兰芽便笑了:“想不到吧,一生慷慨激昂、弃笔从戎率军抗金的辛弃疾,心中所念并非万丈豪情,而不过是这样最最平淡的清平之乐。”

其实,她也是。

翌日一早,兰芽便动身去了西苑。

蛰伏了一天一夜的方静言这才出了下房,到凉芳跟前来听差。

凉芳正在梳洗,今天只穿了简单的宽袖道袍,松花色,领口镶白。发高高束起,亦未簪冠。今日竟然连往日的妆粉都免了,更没用眉黛和胭脂。这么瞧过去,本是清清爽爽的少年公子,倒比往日那描红黛绿的模样更秀美了许多。

梳洗罢,他轻轻挽了个水袖,念道:“我本是男儿郎,不爱那女红妆……”

方静言就在这个当儿走进来,听见了愣了愣,也不由得被这念白牵动了自己的一腔悲愤,便忍不住更对兰芽恨上几分。

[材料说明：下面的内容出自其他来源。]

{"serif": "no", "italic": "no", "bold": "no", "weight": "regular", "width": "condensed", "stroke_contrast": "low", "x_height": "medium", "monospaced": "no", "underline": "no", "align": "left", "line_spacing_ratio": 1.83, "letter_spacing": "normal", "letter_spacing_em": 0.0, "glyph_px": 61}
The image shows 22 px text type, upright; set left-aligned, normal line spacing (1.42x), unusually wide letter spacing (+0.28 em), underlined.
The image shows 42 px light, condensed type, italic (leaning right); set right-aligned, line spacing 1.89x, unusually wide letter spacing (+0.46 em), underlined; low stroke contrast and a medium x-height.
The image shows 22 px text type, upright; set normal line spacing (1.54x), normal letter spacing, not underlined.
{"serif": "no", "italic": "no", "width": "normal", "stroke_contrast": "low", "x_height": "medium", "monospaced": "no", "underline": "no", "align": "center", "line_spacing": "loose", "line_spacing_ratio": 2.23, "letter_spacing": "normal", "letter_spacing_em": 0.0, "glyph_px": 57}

自从被净了身,他一日一日眼睁睁看着自己渐渐声音变细、皮肤变软,言行举止渐渐变得不男不女……他也心有不甘!

凉芳从镜子里瞧见了方静言进来,忙收了势,散淡坐下说:“昨儿你怕的什么似的,今早上总算敢出来了。实则你当真不用那么怕兰公子,我说了你好歹是我手底下的人,我能保你,他必不会动你。”

方静言心下说:对不住,我可当真不敢信你。

凉芳与兰公子是对头,这是灵济宫上下都再明白不过的。既然司夜染被圈禁在宫里了,灵济宫换成兰公子做主,他此时不第一个找凉芳算账,更待何时?

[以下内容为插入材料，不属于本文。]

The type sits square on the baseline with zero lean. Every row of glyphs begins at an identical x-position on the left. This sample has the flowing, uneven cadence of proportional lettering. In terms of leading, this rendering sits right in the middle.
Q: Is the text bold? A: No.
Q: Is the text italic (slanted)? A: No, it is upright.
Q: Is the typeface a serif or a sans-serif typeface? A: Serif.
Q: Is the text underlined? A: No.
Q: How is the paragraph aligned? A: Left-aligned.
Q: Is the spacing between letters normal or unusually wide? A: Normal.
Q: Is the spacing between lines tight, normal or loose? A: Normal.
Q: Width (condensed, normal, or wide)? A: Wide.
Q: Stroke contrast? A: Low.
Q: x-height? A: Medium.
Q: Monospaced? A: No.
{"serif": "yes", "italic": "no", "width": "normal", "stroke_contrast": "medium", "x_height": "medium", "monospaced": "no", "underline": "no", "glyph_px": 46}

而他方静言便会紧随其后,待得兰公子料理完了凉芳,估摸着下一个就轮到他方静言。

于是方静言一听说兰芽回来了,便托病不出,没敢晃荡到兰芽眼前去,恨不得兰芽忘了他这么个人存在才好。

不过此时方静言还是深施一礼:“多谢公子。奴婢伺候一身生死便都托赖公子照拂。”他觑着凉芳神色道:“……只是奴婢亦为公子捏了一把汗。兰公子没有为难公子您吧?”

凉芳咯咯一笑:“怎么会。”

凉芳抬眼向方静言望过来:“听说兰公子有个相好的,叫虎子的。如今就安排在息风的腾骧四卫里。你认得他么?给我讲讲。”

方静言便笑了,面上现出猥琐:“果然山中无老虎,猴子称霸王,司夜染不在灵济宫里,这兰公子便有脸将自己的丑事全都说出来了!公子说的不错,那虎子原本是兰公子的相好。我与他们两个相识于人牙子的牙行,是亲眼看得见他们两个之间的暧.昧情形的。”

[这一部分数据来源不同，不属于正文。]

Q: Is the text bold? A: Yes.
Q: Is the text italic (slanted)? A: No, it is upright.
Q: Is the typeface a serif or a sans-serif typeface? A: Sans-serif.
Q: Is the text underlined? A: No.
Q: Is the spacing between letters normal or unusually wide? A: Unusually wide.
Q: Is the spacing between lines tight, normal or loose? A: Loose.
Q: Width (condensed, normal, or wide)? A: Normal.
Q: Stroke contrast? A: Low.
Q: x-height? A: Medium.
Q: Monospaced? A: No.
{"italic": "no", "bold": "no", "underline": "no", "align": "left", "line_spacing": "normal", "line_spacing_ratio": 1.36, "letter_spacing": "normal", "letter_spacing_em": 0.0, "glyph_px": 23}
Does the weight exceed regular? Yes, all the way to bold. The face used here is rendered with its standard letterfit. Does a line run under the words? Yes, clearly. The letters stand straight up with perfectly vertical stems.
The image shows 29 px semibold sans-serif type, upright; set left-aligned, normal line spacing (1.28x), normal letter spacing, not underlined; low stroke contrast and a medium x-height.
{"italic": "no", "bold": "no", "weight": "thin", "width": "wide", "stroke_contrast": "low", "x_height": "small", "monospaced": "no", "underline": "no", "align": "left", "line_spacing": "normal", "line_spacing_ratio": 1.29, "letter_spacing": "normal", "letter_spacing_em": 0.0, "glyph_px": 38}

“他们两个在牙行里住一间房,听说在来牙行之前原本也是同出同入的……甚至当日本是兰公子自卖自身,结果虎子寻来,为了兰公子便也自卖自身了——那个虎子为了兰公子,还跟满牙行的都争风吃醋,甭管是谁跟兰公子多说了一句话,或者近便了些,那虎子便能跟任何人翻脸!”

“哦?”凉芳听着便笑了:“原来他说的还都是真的。我本担心,他是骗我的。”

方静言点头:“都是真的,绝无半点虚假。这回司夜染被圈禁了,兰公子可不按捺不住先去找虎子了嘛!”

兰芽到了西苑,还没见到虎子,倒先被西苑的风物景致给震摄住。(咳咳,明代所指西苑,就是大名鼎鼎的中南海的说。后来清代到了康熙年间,所指的西苑就是畅春园了。)